Elaine C. Kamarck, Founding Director, Center for Effective Public Management; Senior Fellow, Governance Studies, Brookings Institution
Elaine C. Kamarck is a Senior Fellow in the Governance Studies program as well as the Director of the Center for Effective Public Management at the Brookings Institution. She is an expert on American electoral politics and government innovation and reform in the United States, OECD nations, and developing countries. She focuses her research on the presidential nomination system and American politics and has worked in many American presidential campaigns. Kamarck is the author of “Primary Politics: Everything You Need to Know about How America Nominates Its Presidential Candidates” and “Why Presidents Fail And How They Can Succeed Again.” She
is also the author of “How Change Happens—or Doesn’t: The Politics of US Public Policy” and “The End of Government-As We Know It: Making Public Policy Work.”

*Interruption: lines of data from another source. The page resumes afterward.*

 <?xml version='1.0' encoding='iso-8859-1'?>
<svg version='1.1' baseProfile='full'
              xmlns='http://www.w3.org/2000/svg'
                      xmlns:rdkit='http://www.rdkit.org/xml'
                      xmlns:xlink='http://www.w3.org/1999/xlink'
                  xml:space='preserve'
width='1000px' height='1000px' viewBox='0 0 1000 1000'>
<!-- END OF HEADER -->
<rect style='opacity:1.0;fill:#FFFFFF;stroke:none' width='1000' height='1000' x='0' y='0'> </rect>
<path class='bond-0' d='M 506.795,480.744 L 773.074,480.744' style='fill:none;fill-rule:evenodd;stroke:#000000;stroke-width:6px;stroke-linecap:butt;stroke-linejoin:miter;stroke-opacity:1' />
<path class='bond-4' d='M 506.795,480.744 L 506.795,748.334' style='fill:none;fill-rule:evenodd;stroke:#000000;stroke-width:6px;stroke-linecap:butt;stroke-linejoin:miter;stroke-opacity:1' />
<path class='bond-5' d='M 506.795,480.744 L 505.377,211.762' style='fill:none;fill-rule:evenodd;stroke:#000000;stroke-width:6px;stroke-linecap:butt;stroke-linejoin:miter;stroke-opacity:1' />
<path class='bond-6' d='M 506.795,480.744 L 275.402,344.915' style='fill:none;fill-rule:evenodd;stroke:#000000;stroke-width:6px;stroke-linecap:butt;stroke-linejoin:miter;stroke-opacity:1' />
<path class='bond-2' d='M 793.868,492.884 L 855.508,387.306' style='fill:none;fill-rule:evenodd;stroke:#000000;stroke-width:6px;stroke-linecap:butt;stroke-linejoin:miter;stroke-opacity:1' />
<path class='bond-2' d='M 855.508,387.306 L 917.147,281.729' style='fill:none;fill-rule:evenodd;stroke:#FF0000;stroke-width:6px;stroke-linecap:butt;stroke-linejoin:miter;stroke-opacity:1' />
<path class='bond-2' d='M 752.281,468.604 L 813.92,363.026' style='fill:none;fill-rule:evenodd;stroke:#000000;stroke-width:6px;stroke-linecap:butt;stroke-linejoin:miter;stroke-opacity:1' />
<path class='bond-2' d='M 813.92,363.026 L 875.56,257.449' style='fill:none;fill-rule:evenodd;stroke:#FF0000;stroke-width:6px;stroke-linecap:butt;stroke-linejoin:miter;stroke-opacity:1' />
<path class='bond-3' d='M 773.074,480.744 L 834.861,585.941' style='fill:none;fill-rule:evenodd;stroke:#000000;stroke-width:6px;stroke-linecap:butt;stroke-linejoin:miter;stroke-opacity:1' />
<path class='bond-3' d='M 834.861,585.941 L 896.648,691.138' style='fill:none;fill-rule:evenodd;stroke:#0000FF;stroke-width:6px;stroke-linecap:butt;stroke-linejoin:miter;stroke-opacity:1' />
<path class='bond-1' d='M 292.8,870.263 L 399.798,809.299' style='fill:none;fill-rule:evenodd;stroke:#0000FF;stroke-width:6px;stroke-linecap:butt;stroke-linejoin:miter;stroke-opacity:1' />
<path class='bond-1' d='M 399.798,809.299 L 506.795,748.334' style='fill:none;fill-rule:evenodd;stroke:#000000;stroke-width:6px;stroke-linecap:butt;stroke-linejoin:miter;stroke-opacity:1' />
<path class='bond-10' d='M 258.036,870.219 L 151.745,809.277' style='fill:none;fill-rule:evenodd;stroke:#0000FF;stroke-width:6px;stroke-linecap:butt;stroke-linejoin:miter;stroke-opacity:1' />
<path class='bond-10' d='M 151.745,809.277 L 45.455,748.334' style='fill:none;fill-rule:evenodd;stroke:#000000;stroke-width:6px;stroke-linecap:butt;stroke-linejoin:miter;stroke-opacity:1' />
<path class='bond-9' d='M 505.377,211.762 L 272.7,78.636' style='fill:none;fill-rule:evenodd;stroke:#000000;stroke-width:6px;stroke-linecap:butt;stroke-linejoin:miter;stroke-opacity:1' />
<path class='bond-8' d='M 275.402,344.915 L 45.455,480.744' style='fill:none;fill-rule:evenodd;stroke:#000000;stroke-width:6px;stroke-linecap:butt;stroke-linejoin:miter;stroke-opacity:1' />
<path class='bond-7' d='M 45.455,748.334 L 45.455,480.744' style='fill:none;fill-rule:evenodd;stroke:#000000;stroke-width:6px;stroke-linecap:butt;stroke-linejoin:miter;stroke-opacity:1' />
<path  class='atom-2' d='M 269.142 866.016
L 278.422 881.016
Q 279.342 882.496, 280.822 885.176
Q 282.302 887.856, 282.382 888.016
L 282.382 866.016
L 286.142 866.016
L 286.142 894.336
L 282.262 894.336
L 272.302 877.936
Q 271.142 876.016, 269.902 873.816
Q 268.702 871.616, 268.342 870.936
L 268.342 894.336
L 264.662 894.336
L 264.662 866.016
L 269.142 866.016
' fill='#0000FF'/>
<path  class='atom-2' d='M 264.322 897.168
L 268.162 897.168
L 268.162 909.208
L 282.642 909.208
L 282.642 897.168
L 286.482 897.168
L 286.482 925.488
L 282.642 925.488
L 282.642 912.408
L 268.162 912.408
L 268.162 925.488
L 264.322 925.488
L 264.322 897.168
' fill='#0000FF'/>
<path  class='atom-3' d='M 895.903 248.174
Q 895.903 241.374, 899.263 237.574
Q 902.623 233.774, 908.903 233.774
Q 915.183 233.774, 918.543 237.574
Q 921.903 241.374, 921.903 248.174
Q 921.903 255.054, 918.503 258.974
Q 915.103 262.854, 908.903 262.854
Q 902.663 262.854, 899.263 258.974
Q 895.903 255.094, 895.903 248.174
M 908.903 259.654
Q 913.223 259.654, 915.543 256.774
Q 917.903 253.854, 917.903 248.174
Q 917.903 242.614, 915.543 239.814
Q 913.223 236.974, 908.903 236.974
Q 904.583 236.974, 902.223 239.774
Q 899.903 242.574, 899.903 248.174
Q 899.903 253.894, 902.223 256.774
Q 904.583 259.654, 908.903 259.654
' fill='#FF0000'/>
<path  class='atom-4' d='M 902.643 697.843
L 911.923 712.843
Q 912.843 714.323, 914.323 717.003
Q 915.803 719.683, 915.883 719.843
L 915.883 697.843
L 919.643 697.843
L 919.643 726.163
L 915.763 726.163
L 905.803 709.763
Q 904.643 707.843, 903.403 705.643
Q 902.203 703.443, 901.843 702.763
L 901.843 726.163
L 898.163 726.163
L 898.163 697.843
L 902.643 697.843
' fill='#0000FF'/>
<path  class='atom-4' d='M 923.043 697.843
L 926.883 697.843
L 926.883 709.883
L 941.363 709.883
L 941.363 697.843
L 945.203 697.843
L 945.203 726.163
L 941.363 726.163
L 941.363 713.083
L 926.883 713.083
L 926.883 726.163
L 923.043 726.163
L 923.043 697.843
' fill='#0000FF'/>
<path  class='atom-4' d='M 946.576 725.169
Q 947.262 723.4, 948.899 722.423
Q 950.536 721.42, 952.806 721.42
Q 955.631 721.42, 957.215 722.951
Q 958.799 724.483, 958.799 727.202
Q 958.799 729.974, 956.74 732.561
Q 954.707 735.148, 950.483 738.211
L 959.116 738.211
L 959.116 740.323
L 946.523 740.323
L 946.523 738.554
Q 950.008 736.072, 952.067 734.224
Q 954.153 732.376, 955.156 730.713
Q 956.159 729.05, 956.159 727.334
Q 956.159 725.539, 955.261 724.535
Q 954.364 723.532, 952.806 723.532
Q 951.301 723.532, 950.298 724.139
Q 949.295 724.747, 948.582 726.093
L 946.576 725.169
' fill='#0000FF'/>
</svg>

Kamarck is also a Lecturer in Public Policy at the Harvard Kennedy School of Government. She started at the Kennedy School in 1997 after a career in politics and government. She has been a member of the Democratic National Committee and the DNC’s Rules Committee since 1997. She has participated actively in four presidential
campaigns and in ten nominating conventions—including two Republican conventions— and has served as a superdelegate to five Democratic conventions. In the 1980s, she was one of the founders of the New Democrat movement that helped elect Bill Clinton president. She served in the White House from 1993 to 1997, where she
created and managed the Clinton Administration’s National Performance Review, also known as the “reinventing government initiative.” At the Kennedy School, she served as Director of Visions of Governance for the Twenty-First Century and as Faculty Advisor to the Innovations in American Government Awards Program. In 2000, she took a leave of absence to work as Senior Policy Advisor to the Gore campaign.
Kamarck conducts research on 21st century government, the role of the Internet in political campaigns, homeland defense, intelligence reorganization, and governmental reform and innovation. Kamarck makes regular appearances in the media, including segments on: ABC, CBS, NBC, the BBC, CNN, Fox News Now New England Cable News, and National Public Radio. Kamarck received her Ph.D. in political science from the University of California, Berkeley.